In his visit, he pointed out a few really important points, namely:

  • the “learning & civic opportunity gap” we see in poor/marginalized communities is largely a result of what happens OUTSIDE of school, so there is perhaps the greatest opportunity to make a difference there;
  • these “informal learning environments” don’t have the rigidities of the formal education system, allowing for greater creativity and innovation;
  • In “extreme” locations, such as the poorest parts of the world with the least formal infrastructure, traditional school simply isn’t possibly, so we must take a more real-world, connected approach.

This resonates with so much of what I’ve been thinking about, regarding networks, and how they’re creating new, connected opportunities across all sectors.  The idea that school is “only one node among many others” is the key idea.  This is such a huge opportunity — to think about learning as something that can and should happen everywhere, and that can be facilitated and guided by many actors in the network. And of course, this also represents a disruptive force in the world of traditional education, which no doubt cause friction within the establishment (more on that in a minute).

The idea of “connected learning” dovetails with another idea I’ve been following recently, which is “natural learning”.

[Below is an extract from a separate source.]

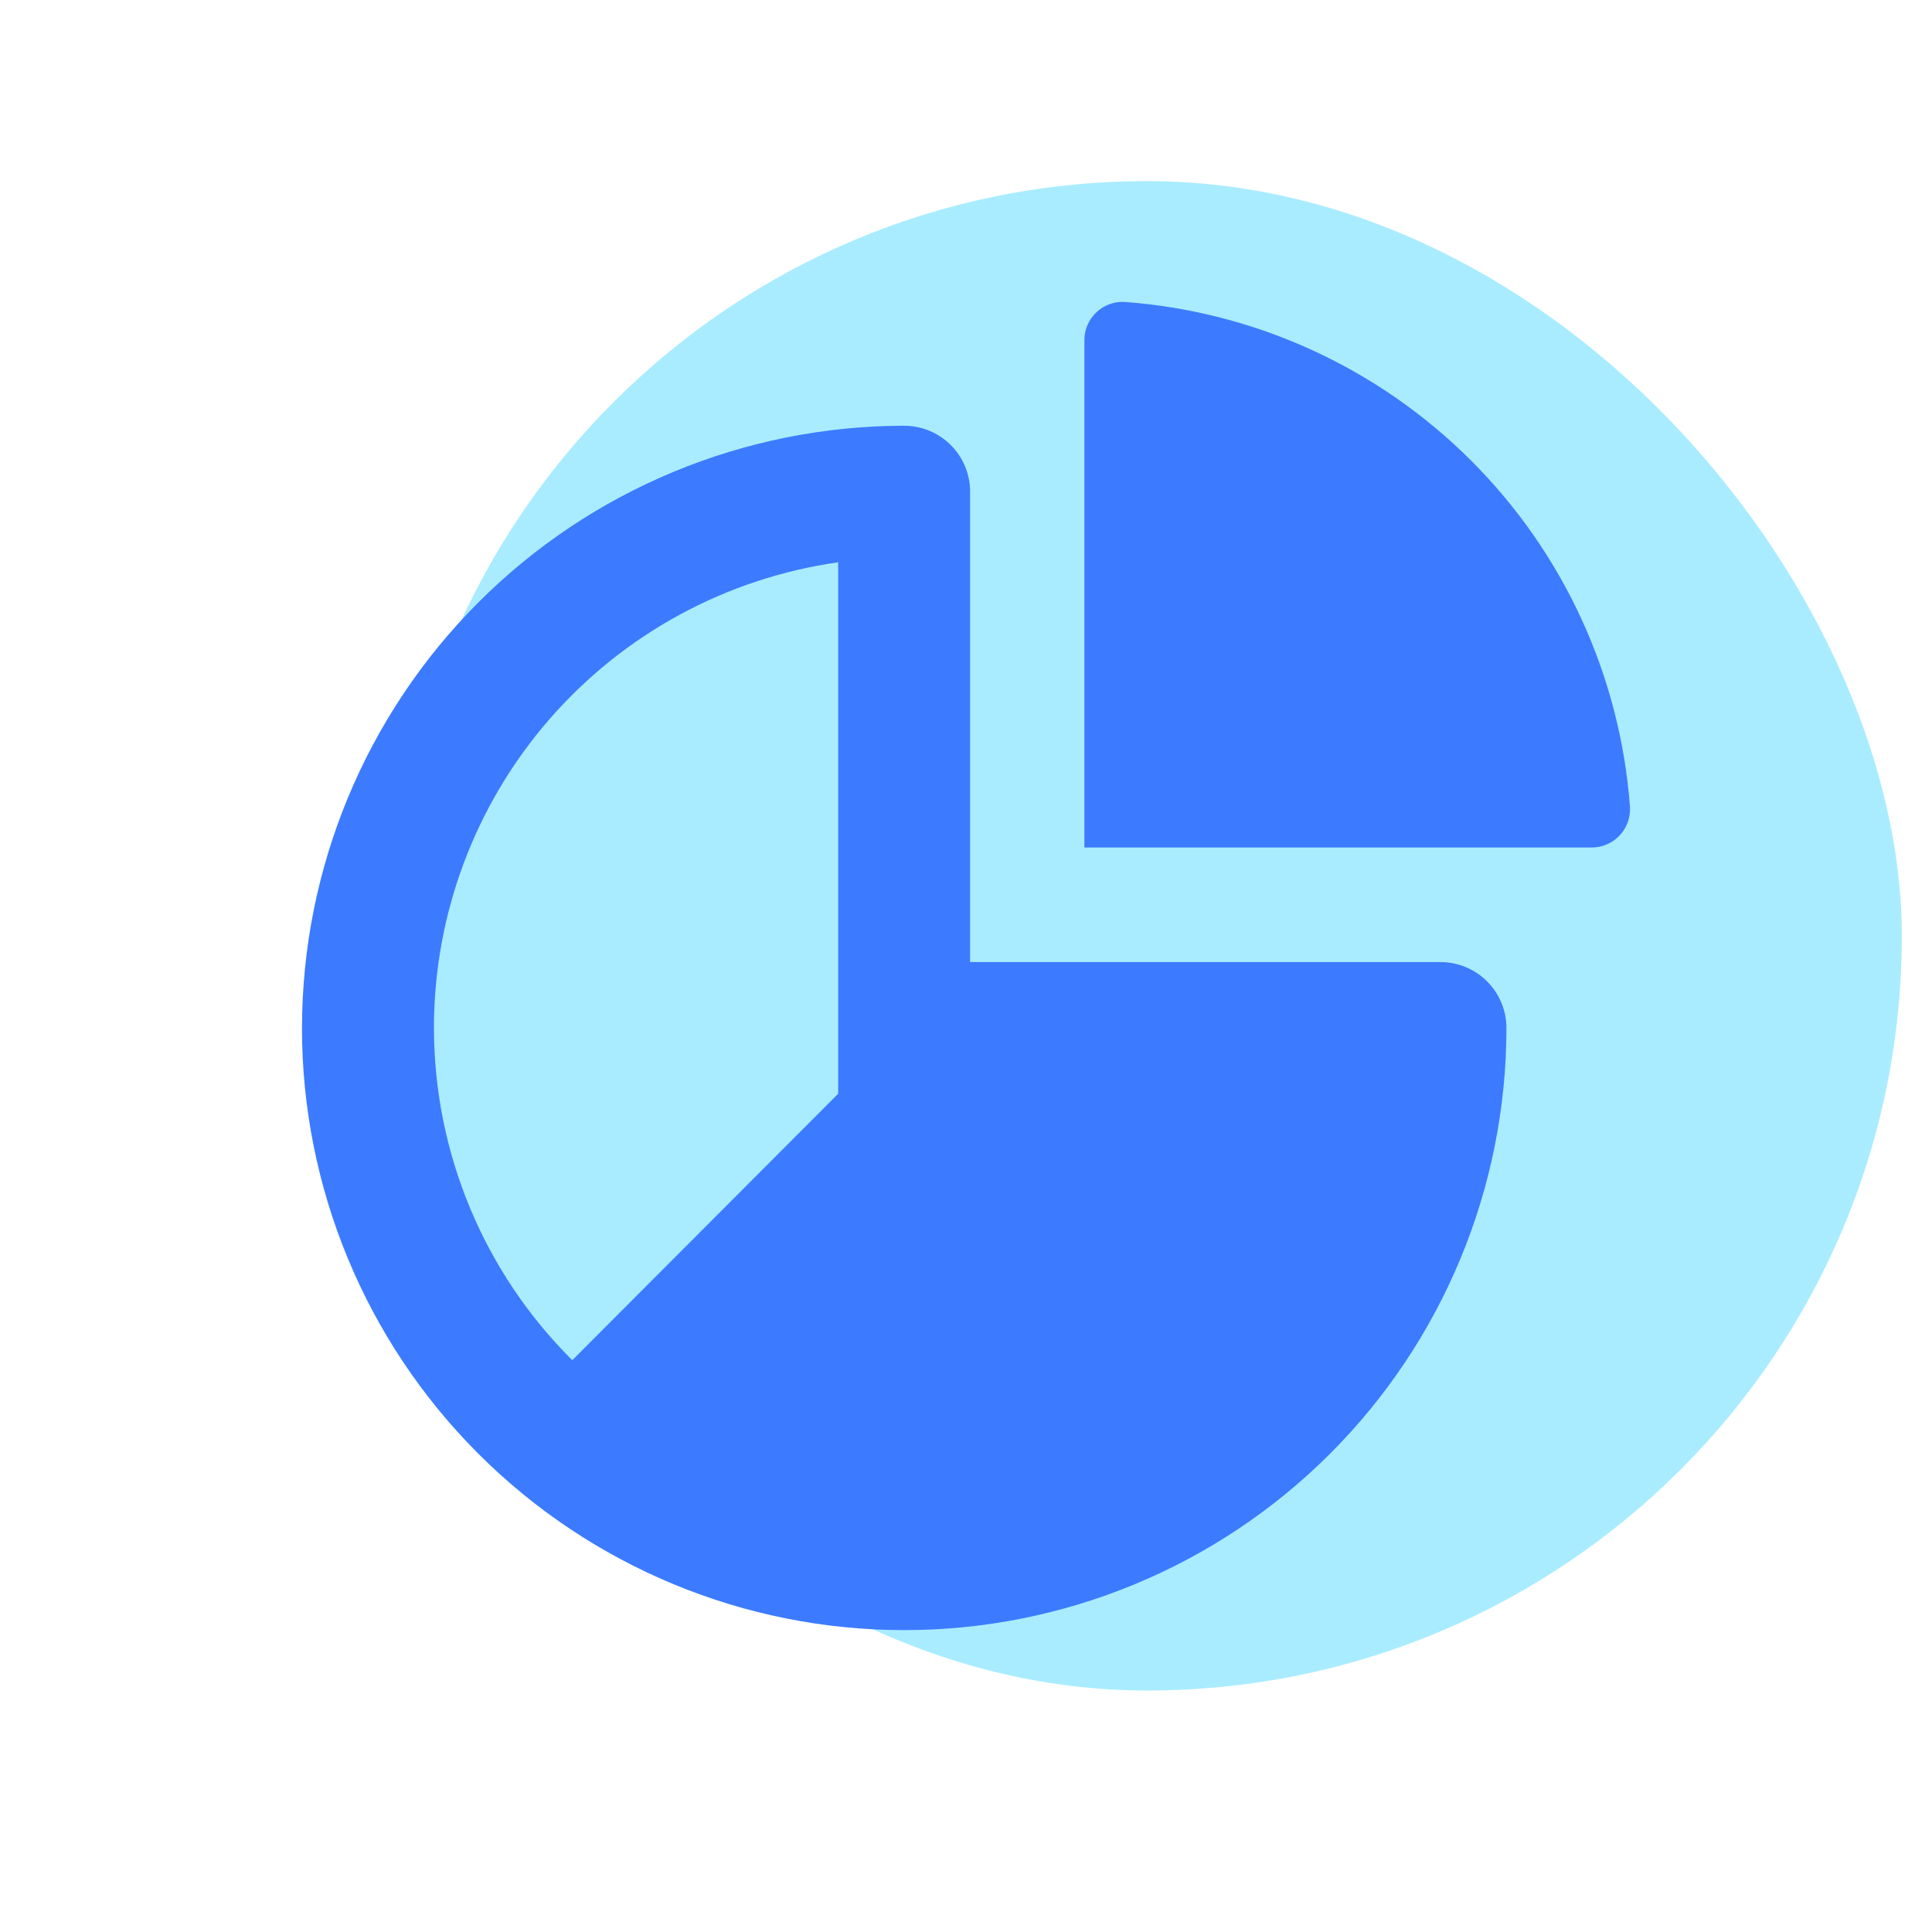 <?xml version="1.0" encoding="UTF-8"?> <svg xmlns="http://www.w3.org/2000/svg" width="64" height="64" viewBox="0 0 64 64" fill="none"><rect opacity="0.5" x="13" y="6" width="50" height="50" rx="25" fill="#55DBFF"></rect><path d="M53.995 26.728C54.016 27.078 53.892 27.421 53.652 27.677C53.411 27.932 53.076 28.076 52.725 28.075H35.922V11.277C35.918 10.925 36.062 10.588 36.318 10.346C36.573 10.104 36.918 9.98 37.269 10.003C41.598 10.325 45.667 12.191 48.736 15.261C51.806 18.33 53.672 22.4 53.995 26.728L53.995 26.728ZM10.004 34.06V34.06C10.006 28.77 12.108 23.697 15.848 19.954C19.588 16.213 24.66 14.108 29.951 14.103C30.53 14.103 31.086 14.334 31.496 14.744C31.906 15.153 32.136 15.71 32.136 16.289V31.869H47.717V31.87C48.296 31.87 48.852 32.1 49.262 32.51C49.672 32.92 49.903 33.475 49.903 34.055C49.901 39.346 47.798 44.42 44.056 48.16C40.314 51.901 35.239 54.001 29.948 54C24.657 53.999 19.584 51.896 15.843 48.154C12.102 44.412 10.002 39.337 10.003 34.046L10.004 34.06ZM14.376 34.06V34.06C14.377 36.105 14.783 38.129 15.57 40.016C16.356 41.903 17.507 43.617 18.958 45.058L27.765 36.232V18.627C24.05 19.154 20.651 21.004 18.191 23.837C15.731 26.669 14.376 30.294 14.375 34.047L14.376 34.06Z" fill="#3C7BFF"></path></svg>

The term natural learning comes from the Unschooling movement (a variant on home-schooling) which I got to thinking about this week via this article on opensource.com.  Unschooling is founded on the idea that humans are natural learners, and that the way that we learn in early childhood and adult life — by exploring, wondering, asking questions, and doing — is in line w/ our nature.  The unschooling philosophy puts learners in the drivers seat, letting them follow their own curiosity, and using that as the driving force for learning.  Adults (parents and others) act as facilitators, guides, and learning partners.  Rather than pursuing a pre-defined body of knowledge, unschooling is more about learning how to learn, and turning people into life-long learners.  From my personal experience with the unschooled (in the name of Nick Bergson-Shilcock, a life-long unschooler, fantastic human and blogger at unschooled.org), it works.

By contrast, unschooling argues that the “structured learning period” that we enter in grade school actually stifles real learning more than it supports it. Quoting from the father of Unschooling, John Holt, via the wikipedia article:

 …the anxiety children feel at constantly being tested, their fear of failure, punishment, and disgrace, severely reduces their ability both to perceive and to remember, and drives them away from the material being studied into strategies for fooling teachers into thinking they know what they really don’t know.”

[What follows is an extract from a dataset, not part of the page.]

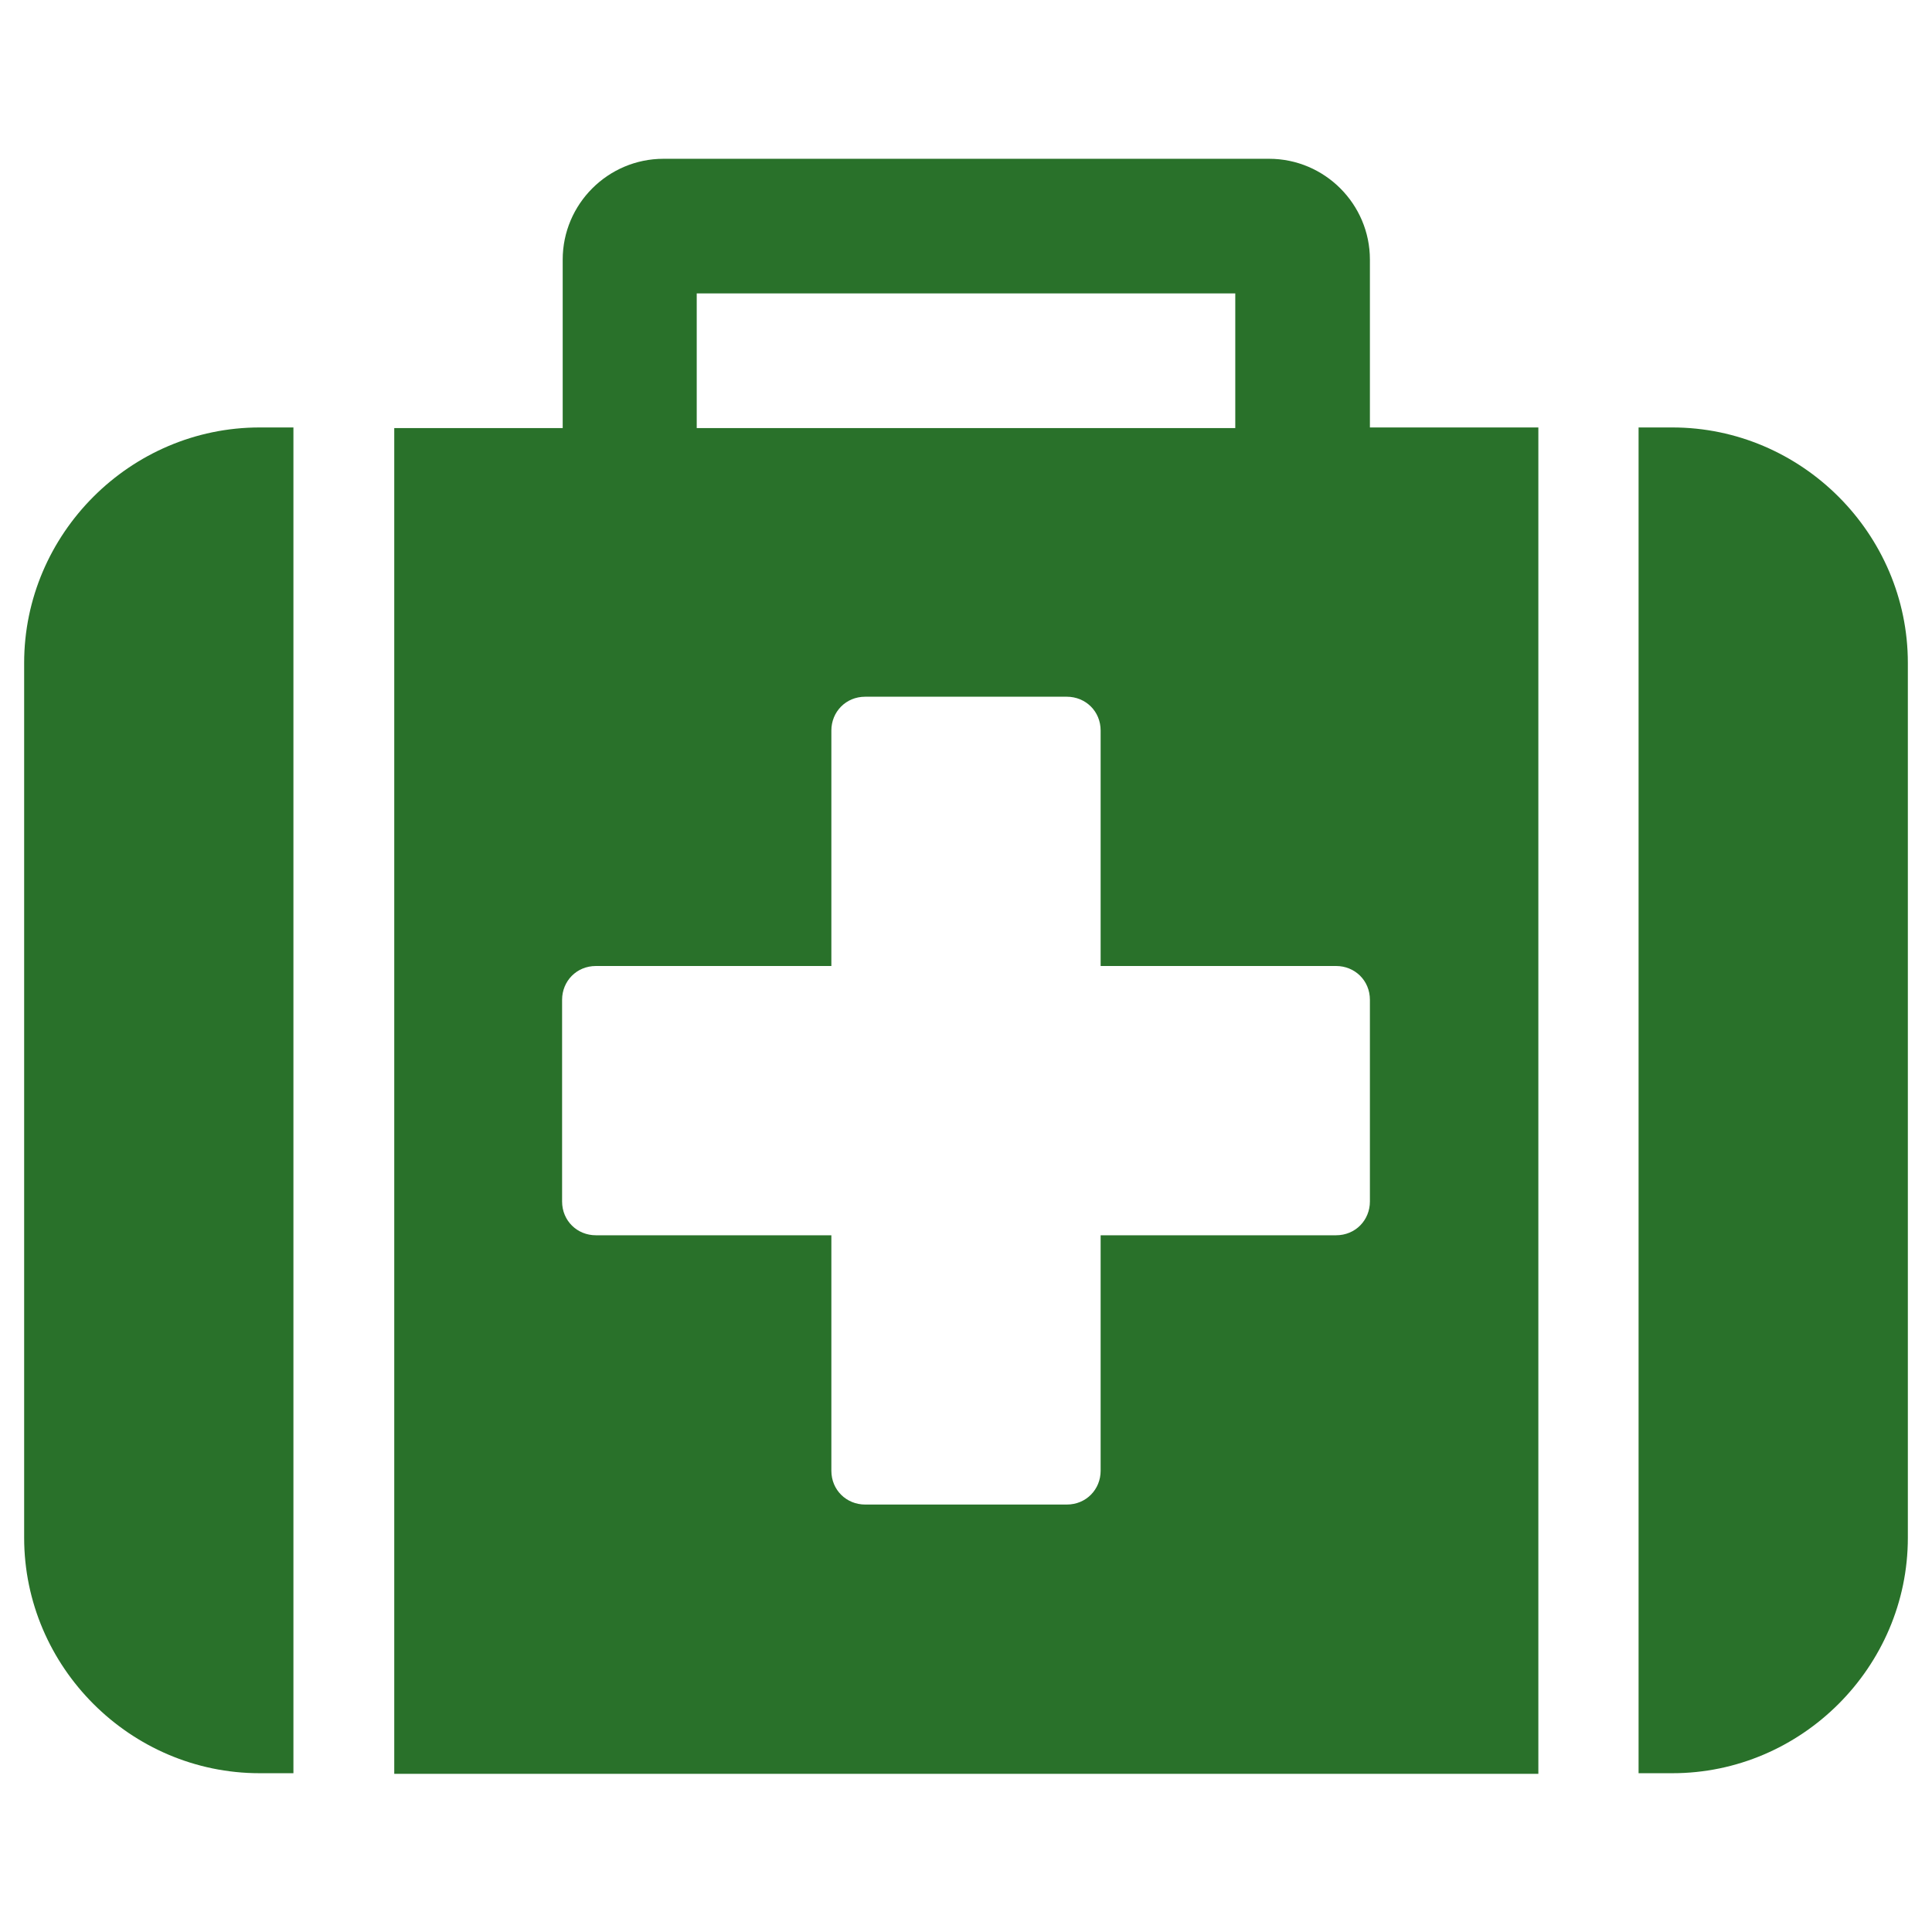 <?xml version="1.0" encoding="UTF-8"?><svg id="Layer_1" xmlns="http://www.w3.org/2000/svg" viewBox="0 0 32 32"><path fill="#29712A" d="M.4,10.98v14.49c0,2.14,1.76,3.9,3.9,3.9h.56V7.08h-.56c-2.14,0-3.9,1.76-3.9,3.9Z"/><path fill="#29712A" d="M27.7,7.08h-.56v22.29h.56c2.14,0,3.9-1.76,3.9-3.9v-14.49c0-2.14-1.76-3.9-3.9-3.9Z"/><path fill="#29712A" d="M22.69,4.3c0-.92-.75-1.67-1.67-1.67h-10.03c-.92,0-1.67.75-1.67,1.67v2.79h-2.79v22.29h18.95V7.08h-2.79v-2.79ZM11.54,4.86h8.92v2.23h-8.92v-2.23ZM22.69,19.9c0,.31-.24.56-.56.56h-3.9v3.9c0,.31-.24.56-.56.56h-3.34c-.31,0-.56-.24-.56-.56v-3.9h-3.9c-.31,0-.56-.24-.56-.56v-3.34c0-.31.24-.56.56-.56h3.9v-3.9c0-.31.24-.56.56-.56h3.34c.31,0,.56.24.56.56v3.9h3.9c.31,0,.56.24.56.56v3.34Z"/></svg>

I am sure this resonates with nearly everyone who has attended school.

It seems that we’re entering a period where the values of natural learning and the technologically-enabled methods of connected learning will join together to produce awesome and exciting opportunities.  And seriously important outcomes, such as better access to learning opportunities and communities and deeper civic engagement.

And of course, as with most disruptive innovations, we can expect to see three things happen, likely in sequence:

  1. Innovations in connected learning will be written off as “toys” — irrelevant to the “real” learning in schools.
  2. Institutions that are threatened by connected learning will resist and fight back (countries, school districts, teachers unions, etc.)
  3. Connected learning will prove to be more powerful and significant than anything we’ve seen before, and the role of formal learning institutions will change dramatically.

This is perhaps one of the most exciting and important areas where networks can make a difference.  I’ll be following closely.